Initial estimates suggested that 1-2% of the mouse genome1-3 consisted of high identity (>90%) duplications. These estimates, however, were complicated by the whole-genome shotgun sequence assembly (WGSA) method, which cannot resolve large, highly identical duplications. In particular, the largest (>15 kb) and most identical (>97%) duplicated segments4 are often missing, collapsed, or mis-assigned as part of WGSA draft assemblies. Missing duplications, for example, are thought to result from difficulties in assembling regions of the genome where there is an excess of sequence mate-pair violations due to paralogous sequences. As the mouse genome assembly has progressed from WGSA to an ordered BAC-based assembly, the segmental duplication (SD) content has gradually increased5,6. Accurate resolution of the duplicated regions is particularly critical as some of these regions have been shown to be highly variable in copy-number between commonly related strains of mice7-11, enriched in lineage-specific gene families undergoing positive selection12,13, and preferential sites of large-scale rearrangement associated with chromosome evolution in the rodent lineage6,14-16. Here we present a detailed analysis of the recent duplication content of the mouse clone-based finished genome assembly and assess copy-number variation (CNV) of these regions in 15 different inbred strains of mice. The results suggest distinct properties of mouse SDs when compared to human and reveal previously unrecognized complex patterns of structural variation.
RESULTS
A self-comparison of the current mouse assembly genome (Build36) identifies 141.4 Mbp of SD (>1 kbp in length and >90% identity) (See Supplementary Note for details). We confirmed 96% (83.14/86.63 Mbp) of the largest (>10 kbp) and most identical (>94%) duplications using a previously described detection strategy that is independent from the assembly2,17. As a second measure of validation, we examined a total of 24 large-insert clones that had been shown to produce multi-site signals by FISH on C57BL/6J metaphase chromosomes2,8. Of the corresponding sequences, 23/24 were confirmed as duplicated by at least one of our measures for duplication (Supplementary Table 1). Using only the assembly-based comparison, we found that the majority (21/24) carried more than 40% duplicated basepairs attesting to the high quality of the mouse assembly (Supplementary Table 1). In total, if we consider all pairwise alignments (<94% identity) and all those (>94% sequence identity) that are confirmed by two independent methods, we calculate the SD content of the mouse genome to be 4.94%. This value represents a 2- to 3-fold increase from previous estimates1-3.

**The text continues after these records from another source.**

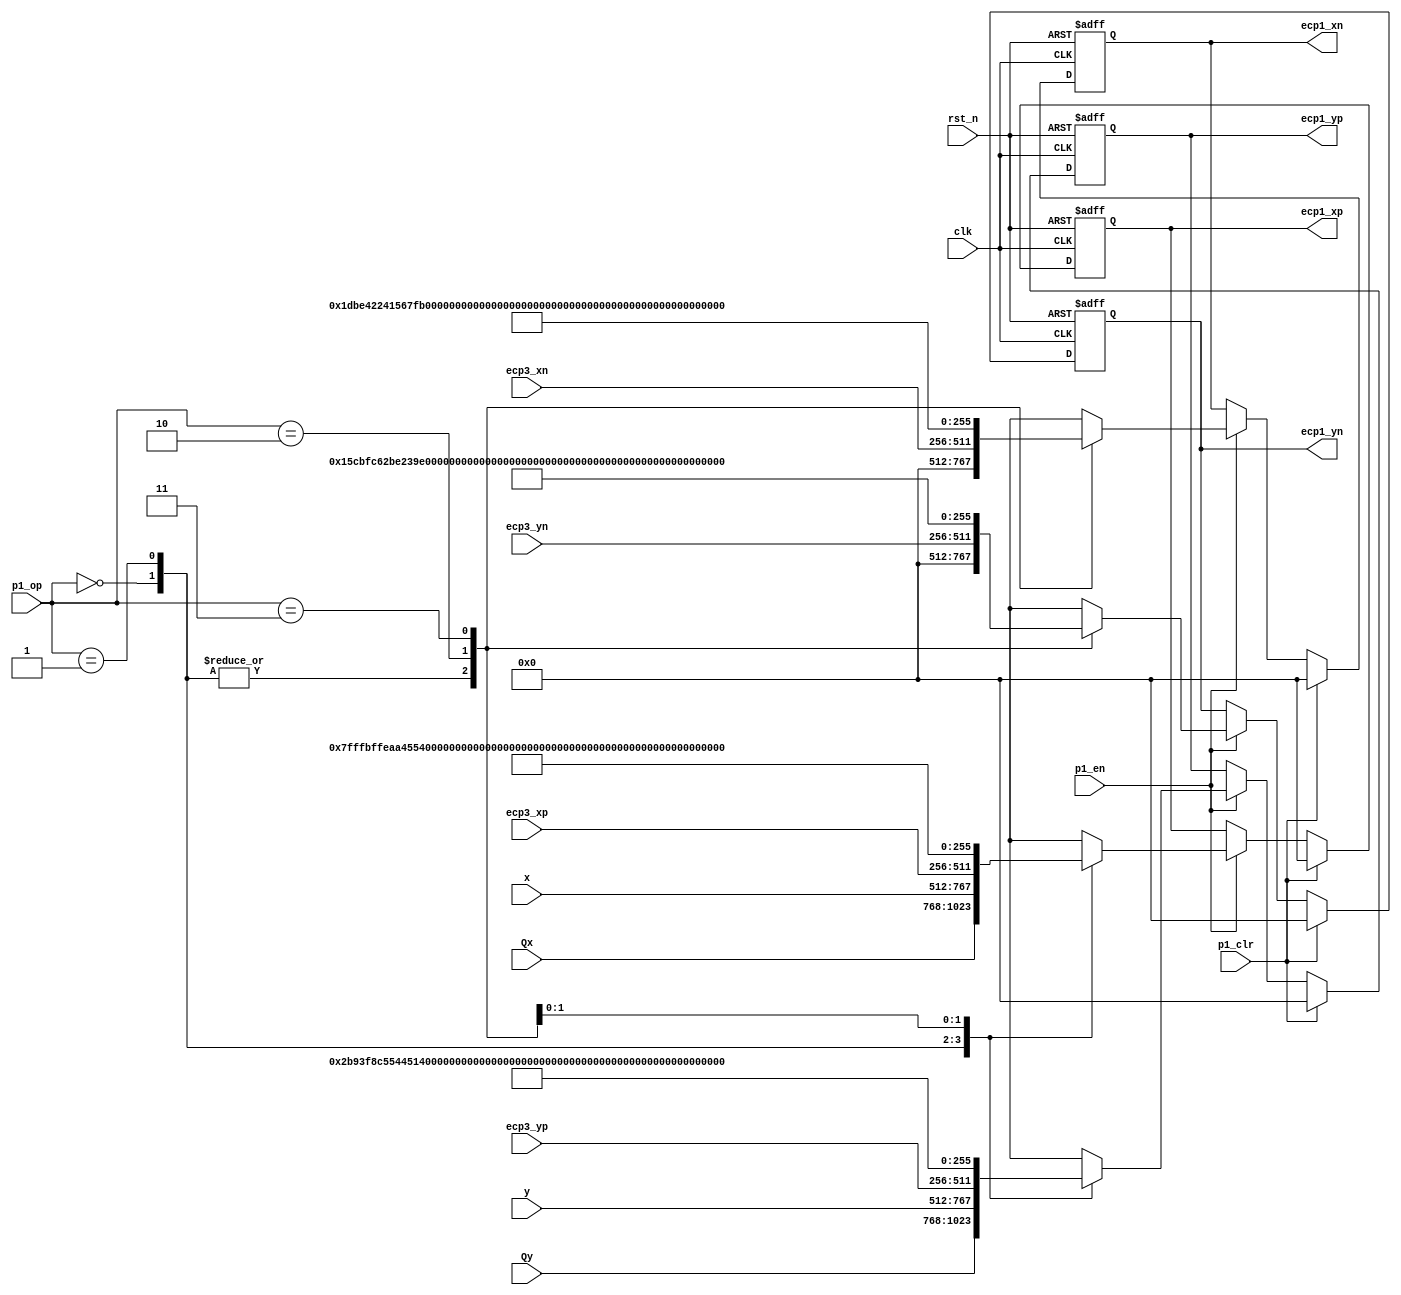
//-----------------------------------------------------------------------------
// Title         : ECC Core P1 Register
// Project       : ECC 1.1
//-----------------------------------------------------------------------------
//-----------------------------------------------------------------------------
// Description :
// ECC Core P1 Register
//-----------------------------------------------------------------------------
// Copyright (c) 2018 by ISLAB This model is the confidential and
// proprietary property of ISLAB and the possession or use of this
// file requires a written license from ISLAB.
//------------------------------------------------------------------------------
// Modification history :
// 23.12.2018 : created by Haeyoung Kim
// 25.12.2018 : Function Verification Done and Code Refactoring by Haeyoung Kim
//-----------------------------------------------------------------------------
module ecc_p1 (/*AUTOARG*/
   // Outputs
   ecp1_xp, ecp1_xn, ecp1_yp, ecp1_yn,
   // Inputs
   clk, rst_n, p1_op, p1_en, p1_clr, Qx, Qy, x, y, ecp3_xp, ecp3_xn, ecp3_yp,
   ecp3_yn
   ) ;
   input         clk, rst_n;
   input [1:0]   p1_op;
   input         p1_en;
   input         p1_clr;

   input  [255:0] Qx, Qy;
   input  [255:0] x, y;

   input  [255:0] ecp3_xp, ecp3_xn;
   input  [255:0] ecp3_yp, ecp3_yn;

   output [255:0] ecp1_xp, ecp1_xn;
   output [255:0] ecp1_yp, ecp1_yn;

   localparam P1_SET_Q    = 2'b00;
   localparam P1_SET_T    = 2'b01;
   localparam P1_SET_N    = 2'b10;
   localparam P1_SET_M    = 2'b11;

   localparam P1_MXP = 256'h7fffbffeaa455255d024aaa44511288452555022f7fffffdf7fffffffffffeff;
   localparam P1_MXN = 256'h1dbe42241567fb3be836ddf6678894427b6af831784927f810633caf9d5bae0f;
   localparam P1_MYP = 256'h2b93f8c55445142aa94454492910a954aaaa4922d0cf22e6ef929abe74aab054;
   localparam P1_MYN = 256'h15cbfc62be239e155da23a25b488dcbe7d7f6591e867917377c94d5f3a55582a;

   reg [255:0]   ecp1_xp, ecp1_xp_nxt;
   reg [255:0]   ecp1_xn, ecp1_xn_nxt;
   reg [255:0]   ecp1_yp, ecp1_yp_nxt;
   reg [255:0]   ecp1_yn, ecp1_yn_nxt;

   always @ (*) begin
      case (p1_op)
        P1_SET_Q  : ecp1_xp_nxt = Qx;
        P1_SET_T  : ecp1_xp_nxt = x;
        P1_SET_N  : ecp1_xp_nxt = ecp3_xp;
        P1_SET_M  : ecp1_xp_nxt = P1_MXP;
      endcase // case (p1_op)
   end

   always @ (*) begin
      case (p1_op)
        P1_SET_Q  : ecp1_xn_nxt = 256'd0;
        P1_SET_T  : ecp1_xn_nxt = 256'd0;
        P1_SET_N  : ecp1_xn_nxt = ecp3_xn;
        P1_SET_M  : ecp1_xn_nxt = P1_MXN;
      endcase // case (p1_op)
   end

   always @ (*) begin
      case (p1_op)
        P1_SET_Q  : ecp1_yp_nxt = Qy;
        P1_SET_T  : ecp1_yp_nxt = y;
        P1_SET_N  : ecp1_yp_nxt = ecp3_yp;
        P1_SET_M  : ecp1_yp_nxt = P1_MYP;
      endcase // case (p1_op)
   end

   always @ (*) begin
      case (p1_op)
        P1_SET_Q  : ecp1_yn_nxt = 256'd0;
        P1_SET_T  : ecp1_yn_nxt = 256'd0;
        P1_SET_N  : ecp1_yn_nxt = ecp3_yn;
        P1_SET_M  : ecp1_yn_nxt = P1_MYN;
      endcase // case (p1_op)
   end

   always @ (posedge clk or negedge rst_n) begin
      if(!rst_n) begin
         ecp1_xp   <= 256'd0;
         ecp1_xn   <= 256'd0;
         ecp1_yp   <= 256'd0;
         ecp1_yn   <= 256'd0;
      end else begin
         if(p1_clr) begin
            ecp1_xp   <= 256'd0;
            ecp1_xn   <= 256'd0;
            ecp1_yp   <= 256'd0;
            ecp1_yn   <= 256'd0;
         end else if (p1_en) begin
            ecp1_xp   <= ecp1_xp_nxt;
            ecp1_xn   <= ecp1_xn_nxt;
            ecp1_yp   <= ecp1_yp_nxt;
            ecp1_yn   <= ecp1_yn_nxt;
         end
      end
   end

endmodule // ecc_p1

The availability of the human and mouse genomes as clone-ordered BAC-based sequence assemblies provides the first opportunity to systematically compare SD sequence properties for two mammalian genomes (Table 1). Both genomes show similar levels of duplication (∼5%) distributed in a highly non-random fashion (Supplementary Fig. 1). We find that recent mouse duplications are restricted to fewer genomic locations, with a total of 149 mouse duplication blocks (Table 1, Fig. 1) >100 kb in length compared to 269 blocks within the human genome (Build36). While fewer in number, murine duplication blocks are 50-80% larger in size. For example, there are a total of 19 mouse duplication blocks greater than 1 Mb (Fig. 1) compared to 11 mapped within the human genome (Table 1, Supplementary Table 2). Intrachromosomal duplications are more abundant in both genomes (Table 1); however, in the mouse genome there is a mode at ∼95% sequence identity, while in humans the mode is shifted to >99%. This difference cannot be explained solely by differences in the effective substitution rate18. There remains the possibility that the largest and most identical duplications map to gaps in the current mouse genome assembly.
Table 1.
Segmental duplication features of mouse and human.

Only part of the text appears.